─── ENTRIES SUPPLIED ───

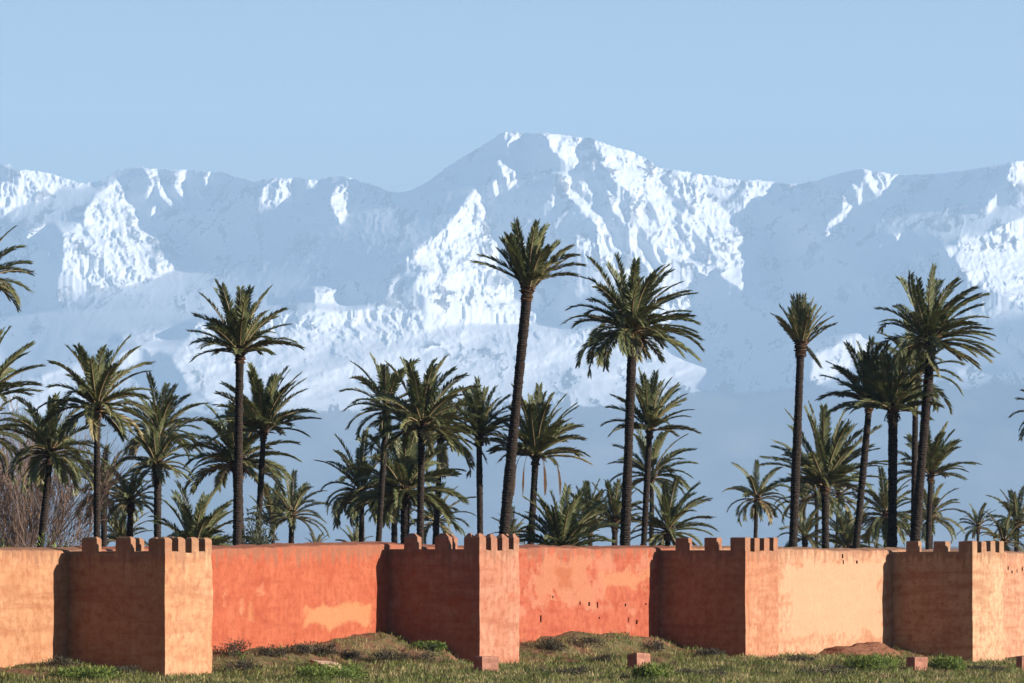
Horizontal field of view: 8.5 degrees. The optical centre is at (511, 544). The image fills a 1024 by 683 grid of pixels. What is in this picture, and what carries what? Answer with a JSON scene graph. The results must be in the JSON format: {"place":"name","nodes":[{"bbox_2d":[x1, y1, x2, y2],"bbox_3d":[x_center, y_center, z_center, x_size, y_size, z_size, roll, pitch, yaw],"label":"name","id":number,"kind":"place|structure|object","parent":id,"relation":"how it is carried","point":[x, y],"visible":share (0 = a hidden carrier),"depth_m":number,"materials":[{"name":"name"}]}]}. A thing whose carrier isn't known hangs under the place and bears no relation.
{"place":"outdoors","nodes":[
{"label":"outdoors","id":0,"kind":"place"},
{"bbox_2d":[0,131,1023,545],"bbox_3d":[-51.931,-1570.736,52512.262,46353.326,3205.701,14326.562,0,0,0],"label":"mountains","id":1,"kind":"structure","parent":0,"point":[348,271],"depth_m":51206.93,"materials":[{"name":"white snow"}]},
{"bbox_2d":[0,546,1023,682],"bbox_3d":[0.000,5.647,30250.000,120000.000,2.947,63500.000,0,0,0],"label":"ground","id":2,"kind":"structure","parent":0,"point":[386,642],"depth_m":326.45,"materials":[{"name":"green plant"}]},
{"bbox_2d":[0,397,27,475],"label":"date palm","id":3,"kind":"object","parent":2,"relation":"on","point":[6,444],"visible":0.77,"depth_m":359.82,"materials":[{"name":"green plant"}]},
{"bbox_2d":[0,225,34,312],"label":"date palm","id":4,"kind":"object","parent":2,"relation":"on","point":[6,289],"visible":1,"depth_m":315.26,"materials":[{"name":"green plant"}]},
{"bbox_2d":[0,325,44,402],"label":"date palm","id":5,"kind":"object","parent":2,"relation":"on","point":[5,370],"visible":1,"depth_m":324.36,"materials":[{"name":"green plant"}]},
{"bbox_2d":[0,547,81,667],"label":"rampart wall","id":6,"kind":"structure","parent":2,"relation":"on","point":[33,606],"depth_m":299.49,"materials":[{"name":"paint"}]},
{"bbox_2d":[36,532,66,547],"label":"leafy shrub","id":7,"kind":"object","parent":2,"relation":"on","point":[47,541],"visible":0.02,"depth_m":315.64,"materials":[{"name":"green plant"}]},
{"bbox_2d":[0,391,112,546],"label":"date palm","id":8,"kind":"object","parent":2,"relation":"on","point":[46,441],"visible":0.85,"depth_m":342.10,"materials":[{"name":"green plant"}]},
{"bbox_2d":[39,655,82,668],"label":"scrub bush","id":9,"kind":"object","parent":2,"relation":"on","point":[63,661],"visible":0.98,"depth_m":297.72,"materials":[{"name":"brown plant"}]},
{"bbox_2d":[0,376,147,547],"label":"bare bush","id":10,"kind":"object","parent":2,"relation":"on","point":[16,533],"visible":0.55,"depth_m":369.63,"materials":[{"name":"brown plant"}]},
{"bbox_2d":[45,664,121,679],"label":"weed clump","id":11,"kind":"object","parent":2,"relation":"on","point":[97,672],"visible":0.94,"depth_m":289.32,"materials":[{"name":"green plant"}]},
{"bbox_2d":[31,334,156,537],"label":"date palm","id":12,"kind":"object","parent":2,"relation":"on","point":[101,378],"visible":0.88,"depth_m":327.53,"materials":[{"name":"green plant"}]},
{"bbox_2d":[58,443,149,546],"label":"date palm","id":13,"kind":"object","parent":2,"relation":"on","point":[104,533],"visible":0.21,"depth_m":396.42,"materials":[{"name":"green plant"}]},
{"bbox_2d":[93,500,153,545],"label":"date palm","id":14,"kind":"object","parent":2,"relation":"on","point":[119,527],"visible":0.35,"depth_m":404.52,"materials":[{"name":"green plant"}]},
{"bbox_2d":[107,664,143,676],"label":"scrub bush","id":15,"kind":"object","parent":2,"relation":"on","point":[123,668],"visible":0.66,"depth_m":296.55,"materials":[{"name":"green plant"}]},
{"bbox_2d":[103,465,163,536],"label":"date palm","id":16,"kind":"object","parent":2,"relation":"on","point":[129,500],"visible":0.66,"depth_m":380.73,"materials":[{"name":"green plant"}]},
{"bbox_2d":[67,537,212,675],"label":"rampart tower","id":17,"kind":"structure","parent":2,"relation":"on","point":[131,601],"depth_m":301.27,"materials":[{"name":"paint"}]},
{"bbox_2d":[113,418,197,537],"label":"date palm","id":18,"kind":"object","parent":2,"relation":"on","point":[156,448],"visible":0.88,"depth_m":345.65,"materials":[{"name":"green plant"}]},
{"bbox_2d":[114,372,212,500],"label":"date palm","id":19,"kind":"object","parent":2,"relation":"on","point":[166,403],"visible":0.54,"depth_m":393.09,"materials":[{"name":"green plant"}]},
{"bbox_2d":[147,480,256,545],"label":"date palm","id":20,"kind":"object","parent":2,"relation":"on","point":[199,524],"visible":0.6,"depth_m":336.19,"materials":[{"name":"green plant"}]},
{"bbox_2d":[213,637,252,657],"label":"scrub bush","id":21,"kind":"object","parent":2,"relation":"on","point":[232,647],"visible":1,"depth_m":312.86,"materials":[{"name":"brown plant"}]},
{"bbox_2d":[73,541,403,651],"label":"rampart wall","id":22,"kind":"structure","parent":2,"relation":"on","point":[275,594],"depth_m":321.53,"materials":[{"name":"paint"}]},
{"bbox_2d":[215,658,262,672],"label":"scrub bush","id":23,"kind":"object","parent":2,"relation":"on","point":[248,665],"visible":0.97,"depth_m":306.38,"materials":[{"name":"green plant"}]},
{"bbox_2d":[176,399,302,543],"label":"date palm","id":24,"kind":"object","parent":2,"relation":"on","point":[226,455],"visible":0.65,"depth_m":372.29,"materials":[{"name":"green plant"}]},
{"bbox_2d":[184,279,304,544],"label":"date palm","id":25,"kind":"object","parent":2,"relation":"on","point":[237,335],"visible":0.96,"depth_m":334.21,"materials":[{"name":"green plant"}]},
{"bbox_2d":[230,504,279,544],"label":"leafy shrub","id":26,"kind":"object","parent":2,"relation":"on","point":[255,534],"visible":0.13,"depth_m":340.51,"materials":[{"name":"green plant"}]},
{"bbox_2d":[208,361,320,536],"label":"date palm","id":27,"kind":"object","parent":2,"relation":"on","point":[261,414],"visible":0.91,"depth_m":355.55,"materials":[{"name":"green plant"}]},
{"bbox_2d":[252,643,288,657],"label":"scrub bush","id":28,"kind":"object","parent":2,"relation":"on","point":[268,651],"visible":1,"depth_m":315.71,"materials":[{"name":"brown plant"}]},
{"bbox_2d":[245,481,306,542],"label":"date palm","id":29,"kind":"object","parent":2,"relation":"on","point":[268,500],"visible":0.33,"depth_m":486.18,"materials":[{"name":"green plant"}]},
{"bbox_2d":[253,469,331,542],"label":"date palm","id":30,"kind":"object","parent":2,"relation":"on","point":[294,502],"visible":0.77,"depth_m":423.86,"materials":[{"name":"green plant"}]},
{"bbox_2d":[283,640,319,654],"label":"scrub bush","id":31,"kind":"object","parent":2,"relation":"on","point":[303,648],"visible":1,"depth_m":317.83,"materials":[{"name":"brown plant"}]},
{"bbox_2d":[307,529,328,541],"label":"date palm","id":32,"kind":"object","parent":2,"relation":"on","point":[319,537],"visible":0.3,"depth_m":558.33,"materials":[{"name":"green plant"}]},
{"bbox_2d":[309,660,341,668],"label":"stone","id":33,"kind":"object","parent":2,"relation":"on","point":[316,661],"visible":0.41,"depth_m":310.75,"materials":[{"name":"beige stone"}]},
{"bbox_2d":[313,643,339,656],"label":"scrub bush","id":34,"kind":"object","parent":2,"relation":"on","point":[329,650],"visible":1,"depth_m":319.48,"materials":[{"name":"brown plant"}]},
{"bbox_2d":[294,661,368,680],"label":"weed clump","id":35,"kind":"object","parent":2,"relation":"on","point":[314,670],"visible":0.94,"depth_m":291.56,"materials":[{"name":"green plant"}]},
{"bbox_2d":[338,649,363,660],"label":"scrub bush","id":36,"kind":"object","parent":2,"relation":"on","point":[353,654],"visible":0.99,"depth_m":320.54,"materials":[{"name":"brown plant"}]},
{"bbox_2d":[336,523,372,541],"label":"date palm","id":37,"kind":"object","parent":2,"relation":"on","point":[354,536],"visible":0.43,"depth_m":531.00,"materials":[{"name":"green plant"}]},
{"bbox_2d":[315,429,399,541],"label":"date palm","id":38,"kind":"object","parent":2,"relation":"on","point":[345,499],"visible":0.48,"depth_m":385.46,"materials":[{"name":"green plant"}]},
{"bbox_2d":[366,646,398,662],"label":"scrub bush","id":39,"kind":"object","parent":2,"relation":"on","point":[387,655],"visible":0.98,"depth_m":321.19,"materials":[{"name":"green plant"}]},
{"bbox_2d":[339,351,440,541],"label":"date palm","id":40,"kind":"object","parent":2,"relation":"on","point":[385,379],"visible":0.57,"depth_m":368.29,"materials":[{"name":"green plant"}]},
{"bbox_2d":[364,473,429,542],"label":"date palm","id":41,"kind":"object","parent":2,"relation":"on","point":[394,529],"visible":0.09,"depth_m":419.48,"materials":[{"name":"green plant"}]},
{"bbox_2d":[340,428,469,543],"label":"date palm","id":42,"kind":"object","parent":2,"relation":"on","point":[400,490],"visible":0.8,"depth_m":376.51,"materials":[{"name":"green plant"}]},
{"bbox_2d":[390,643,441,662],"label":"scrub bush","id":43,"kind":"object","parent":2,"relation":"on","point":[426,655],"visible":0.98,"depth_m":324.02,"materials":[{"name":"green plant"}]},
{"bbox_2d":[360,354,482,544],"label":"date palm","id":44,"kind":"object","parent":2,"relation":"on","point":[420,409],"visible":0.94,"depth_m":355.01,"materials":[{"name":"green plant"}]},
{"bbox_2d":[411,639,447,650],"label":"weed clump","id":45,"kind":"object","parent":2,"relation":"on","point":[440,645],"visible":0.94,"depth_m":326.96,"materials":[{"name":"green plant"}]},
{"bbox_2d":[389,373,489,544],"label":"date palm","id":46,"kind":"object","parent":2,"relation":"on","point":[442,458],"visible":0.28,"depth_m":408.19,"materials":[{"name":"green plant"}]},
{"bbox_2d":[409,481,476,543],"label":"date palm","id":47,"kind":"object","parent":2,"relation":"on","point":[430,515],"visible":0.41,"depth_m":475.69,"materials":[{"name":"green plant"}]},
{"bbox_2d":[387,533,519,663],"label":"rampart tower","id":48,"kind":"structure","parent":2,"relation":"on","point":[464,604],"depth_m":328.87,"materials":[{"name":"paint"}]},
{"bbox_2d":[437,374,523,533],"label":"date palm","id":49,"kind":"object","parent":2,"relation":"on","point":[484,418],"visible":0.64,"depth_m":385.19,"materials":[{"name":"green plant"}]},
{"bbox_2d":[473,656,498,671],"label":"concrete block","id":50,"kind":"object","parent":2,"relation":"on","point":[483,663],"depth_m":311.69,"materials":[{"name":"pink concrete"}]},
{"bbox_2d":[490,506,536,544],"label":"date palm","id":51,"kind":"object","parent":2,"relation":"on","point":[513,523],"visible":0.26,"depth_m":555.79,"materials":[{"name":"green plant"}]},
{"bbox_2d":[469,217,585,534],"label":"date palm","id":52,"kind":"object","parent":2,"relation":"on","point":[530,267],"visible":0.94,"depth_m":359.32,"materials":[{"name":"green plant"}]},
{"bbox_2d":[476,382,593,544],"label":"date palm","id":53,"kind":"object","parent":2,"relation":"on","point":[538,436],"visible":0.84,"depth_m":384.35,"materials":[{"name":"green plant"}]},
{"bbox_2d":[421,544,674,641],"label":"rampart wall","id":54,"kind":"structure","parent":2,"relation":"on","point":[593,589],"depth_m":349.81,"materials":[{"name":"paint"}]},
{"bbox_2d":[539,636,568,651],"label":"scrub bush","id":55,"kind":"object","parent":2,"relation":"on","point":[553,643],"visible":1,"depth_m":340.89,"materials":[{"name":"green plant"}]},
{"bbox_2d":[510,482,619,546],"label":"date palm","id":56,"kind":"object","parent":2,"relation":"on","point":[559,528],"visible":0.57,"depth_m":369.81,"materials":[{"name":"green plant"}]},
{"bbox_2d":[539,665,593,675],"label":"scrub bush","id":57,"kind":"object","parent":2,"relation":"on","point":[575,669],"visible":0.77,"depth_m":306.83,"materials":[{"name":"green plant"}]},
{"bbox_2d":[566,634,607,647],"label":"scrub bush","id":58,"kind":"object","parent":2,"relation":"on","point":[589,640],"visible":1,"depth_m":343.89,"materials":[{"name":"green plant"}]},
{"bbox_2d":[558,477,634,545],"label":"date palm","id":59,"kind":"object","parent":2,"relation":"on","point":[588,496],"visible":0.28,"depth_m":479.44,"materials":[{"name":"green plant"}]},
{"bbox_2d":[586,654,611,662],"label":"scrub bush","id":60,"kind":"object","parent":2,"relation":"on","point":[607,657],"visible":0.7,"depth_m":335.08,"materials":[{"name":"grey plant"}]},
{"bbox_2d":[578,478,653,545],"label":"date palm","id":61,"kind":"object","parent":2,"relation":"on","point":[613,497],"visible":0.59,"depth_m":465.44,"materials":[{"name":"green plant"}]},
{"bbox_2d":[559,251,705,545],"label":"date palm","id":62,"kind":"object","parent":2,"relation":"on","point":[632,317],"visible":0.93,"depth_m":374.48,"materials":[{"name":"green plant"}]},
{"bbox_2d":[627,653,650,668],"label":"concrete block","id":63,"kind":"object","parent":2,"relation":"on","point":[635,659],"depth_m":320.79,"materials":[{"name":"pink concrete"}]},
{"bbox_2d":[600,367,700,544],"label":"date palm","id":64,"kind":"object","parent":2,"relation":"on","point":[648,398],"visible":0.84,"depth_m":405.51,"materials":[{"name":"green plant"}]},
{"bbox_2d":[627,660,675,679],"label":"weed clump","id":65,"kind":"object","parent":2,"relation":"on","point":[649,670],"visible":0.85,"depth_m":299.76,"materials":[{"name":"green plant"}]},
{"bbox_2d":[608,429,697,544],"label":"date palm","id":66,"kind":"object","parent":2,"relation":"on","point":[660,466],"visible":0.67,"depth_m":489.02,"materials":[{"name":"green plant"}]},
{"bbox_2d":[643,639,665,651],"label":"scrub bush","id":67,"kind":"object","parent":2,"relation":"on","point":[658,646],"visible":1,"depth_m":350.10,"materials":[{"name":"grey plant"}]},
{"bbox_2d":[616,475,718,545],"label":"date palm","id":68,"kind":"object","parent":2,"relation":"on","point":[670,515],"visible":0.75,"depth_m":454.81,"materials":[{"name":"green plant"}]},
{"bbox_2d":[676,667,728,676],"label":"scrub bush","id":69,"kind":"object","parent":2,"relation":"on","point":[695,672],"visible":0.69,"depth_m":309.68,"materials":[{"name":"green plant"}]},
{"bbox_2d":[693,647,727,656],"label":"scrub bush","id":70,"kind":"object","parent":2,"relation":"on","point":[707,651],"visible":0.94,"depth_m":349.84,"materials":[{"name":"grey plant"}]},
{"bbox_2d":[659,537,778,657],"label":"rampart tower","id":71,"kind":"structure","parent":2,"relation":"on","point":[713,594],"depth_m":356.51,"materials":[{"name":"paint"}]},
{"bbox_2d":[721,459,789,537],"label":"date palm","id":72,"kind":"object","parent":2,"relation":"on","point":[755,513],"visible":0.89,"depth_m":505.37,"materials":[{"name":"green plant"}]},
{"bbox_2d":[670,545,905,654],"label":"rampart wall","id":73,"kind":"structure","parent":2,"relation":"on","point":[829,597],"depth_m":377.71,"materials":[{"name":"paint"}]},
{"bbox_2d":[763,654,819,662],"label":"scrub bush","id":74,"kind":"object","parent":2,"relation":"on","point":[797,658],"visible":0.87,"depth_m":347.67,"materials":[{"name":"green plant"}]},
{"bbox_2d":[772,464,834,546],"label":"date palm","id":75,"kind":"object","parent":2,"relation":"on","point":[802,494],"visible":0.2,"depth_m":551.21,"materials":[{"name":"green plant"}]},
{"bbox_2d":[770,292,837,546],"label":"date palm","id":76,"kind":"object","parent":2,"relation":"on","point":[799,318],"visible":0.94,"depth_m":394.90,"materials":[{"name":"green plant"}]},
{"bbox_2d":[777,507,835,547],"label":"date palm","id":77,"kind":"object","parent":2,"relation":"on","point":[810,523],"visible":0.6,"depth_m":532.20,"materials":[{"name":"green plant"}]},
{"bbox_2d":[788,664,858,675],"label":"scrub bush","id":78,"kind":"object","parent":2,"relation":"on","point":[832,670],"visible":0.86,"depth_m":320.68,"materials":[{"name":"green plant"}]},
{"bbox_2d":[799,470,848,544],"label":"date palm","id":79,"kind":"object","parent":2,"relation":"on","point":[817,497],"visible":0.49,"depth_m":534.53,"materials":[{"name":"green plant"}]},
{"bbox_2d":[755,400,897,547],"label":"date palm","id":80,"kind":"object","parent":2,"relation":"on","point":[824,466],"visible":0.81,"depth_m":420.55,"materials":[{"name":"green plant"}]},
{"bbox_2d":[803,472,873,547],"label":"date palm","id":81,"kind":"object","parent":2,"relation":"on","point":[839,498],"visible":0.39,"depth_m":538.11,"materials":[{"name":"green plant"}]},
{"bbox_2d":[810,501,883,548],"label":"date palm","id":82,"kind":"object","parent":2,"relation":"on","point":[842,539],"visible":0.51,"depth_m":501.08,"materials":[{"name":"green plant"}]},
{"bbox_2d":[823,642,903,656],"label":"earth heap","id":83,"kind":"object","parent":2,"relation":"on","point":[866,648],"visible":0.35,"depth_m":377.56,"materials":[{"name":"brown soil"}]},
{"bbox_2d":[814,335,921,548],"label":"date palm","id":84,"kind":"object","parent":2,"relation":"on","point":[871,363],"visible":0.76,"depth_m":411.72,"materials":[{"name":"green plant"}]},
{"bbox_2d":[837,652,903,671],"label":"weed clump","id":85,"kind":"object","parent":2,"relation":"on","point":[870,662],"visible":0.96,"depth_m":339.30,"materials":[{"name":"green plant"}]},
{"bbox_2d":[841,467,936,547],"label":"date palm","id":86,"kind":"object","parent":2,"relation":"on","point":[876,528],"visible":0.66,"depth_m":468.14,"materials":[{"name":"green plant"}]},
{"bbox_2d":[838,351,944,546],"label":"date palm","id":87,"kind":"object","parent":2,"relation":"on","point":[894,395],"visible":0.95,"depth_m":408.81,"materials":[{"name":"green plant"}]},
{"bbox_2d":[867,314,966,534],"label":"date palm","id":88,"kind":"object","parent":2,"relation":"on","point":[914,364],"visible":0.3,"depth_m":441.79,"materials":[{"name":"green plant"}]},
{"bbox_2d":[906,657,927,670],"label":"concrete block","id":89,"kind":"object","parent":2,"relation":"on","point":[919,662],"depth_m":348.94,"materials":[{"name":"pink concrete"}]},
{"bbox_2d":[898,481,965,548],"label":"date palm","id":90,"kind":"object","parent":2,"relation":"on","point":[936,500],"visible":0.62,"depth_m":495.11,"materials":[{"name":"green plant"}]},
{"bbox_2d":[874,263,1000,540],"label":"date palm","id":91,"kind":"object","parent":2,"relation":"on","point":[933,325],"visible":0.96,"depth_m":408.13,"materials":[{"name":"green plant"}]},
{"bbox_2d":[897,415,981,549],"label":"date palm","id":92,"kind":"object","parent":2,"relation":"on","point":[937,452],"visible":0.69,"depth_m":455.62,"materials":[{"name":"green plant"}]},
{"bbox_2d":[891,541,1004,661],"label":"rampart tower","id":93,"kind":"structure","parent":2,"relation":"on","point":[945,600],"depth_m":384.22,"materials":[{"name":"paint"}]},
{"bbox_2d":[928,653,967,670],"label":"weed clump","id":94,"kind":"object","parent":2,"relation":"on","point":[953,663],"visible":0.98,"depth_m":351.77,"materials":[{"name":"green plant"}]},
{"bbox_2d":[921,549,1023,657],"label":"rampart wall","id":95,"kind":"structure","parent":2,"relation":"on","point":[1014,602],"depth_m":401.55,"materials":[{"name":"paint"}]},
{"bbox_2d":[956,502,999,540],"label":"date palm","id":96,"kind":"object","parent":2,"relation":"on","point":[977,523],"visible":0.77,"depth_m":684.87,"materials":[{"name":"green plant"}]},
{"bbox_2d":[966,664,1005,671],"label":"scrub bush","id":97,"kind":"object","parent":2,"relation":"on","point":[982,667],"visible":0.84,"depth_m":354.72,"materials":[{"name":"green plant"}]},
{"bbox_2d":[976,510,1023,551],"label":"date palm","id":98,"kind":"object","parent":2,"relation":"on","point":[1004,526],"visible":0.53,"depth_m":467.25,"materials":[{"name":"green plant"}]},
{"bbox_2d":[985,485,1023,551],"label":"date palm","id":99,"kind":"object","parent":2,"relation":"on","point":[1016,505],"visible":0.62,"depth_m":530.70,"materials":[{"name":"green plant"}]},
{"bbox_2d":[1008,389,1023,441],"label":"date palm","id":100,"kind":"object","parent":2,"relation":"on","point":[1021,432],"visible":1,"depth_m":429.35,"materials":[{"name":"green plant"}]},
{"bbox_2d":[1016,656,1023,668],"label":"concrete block","id":101,"kind":"object","parent":2,"relation":"on","point":[1020,660],"depth_m":358.72,"materials":[{"name":"pink concrete"}]},
{"bbox_2d":[0,0,1023,192],"label":"sky","id":102,"kind":"structure","parent":0,"point":[388,95],"materials":[{"name":"blue"}]}
]}

───

PROMPT =
Wherever "outdoors" appears in a line of the entries, copy that line.

SOLUTION FOR THIS TASK =
{"place":"outdoors","nodes":[
{"label":"outdoors","id":0,"kind":"place"},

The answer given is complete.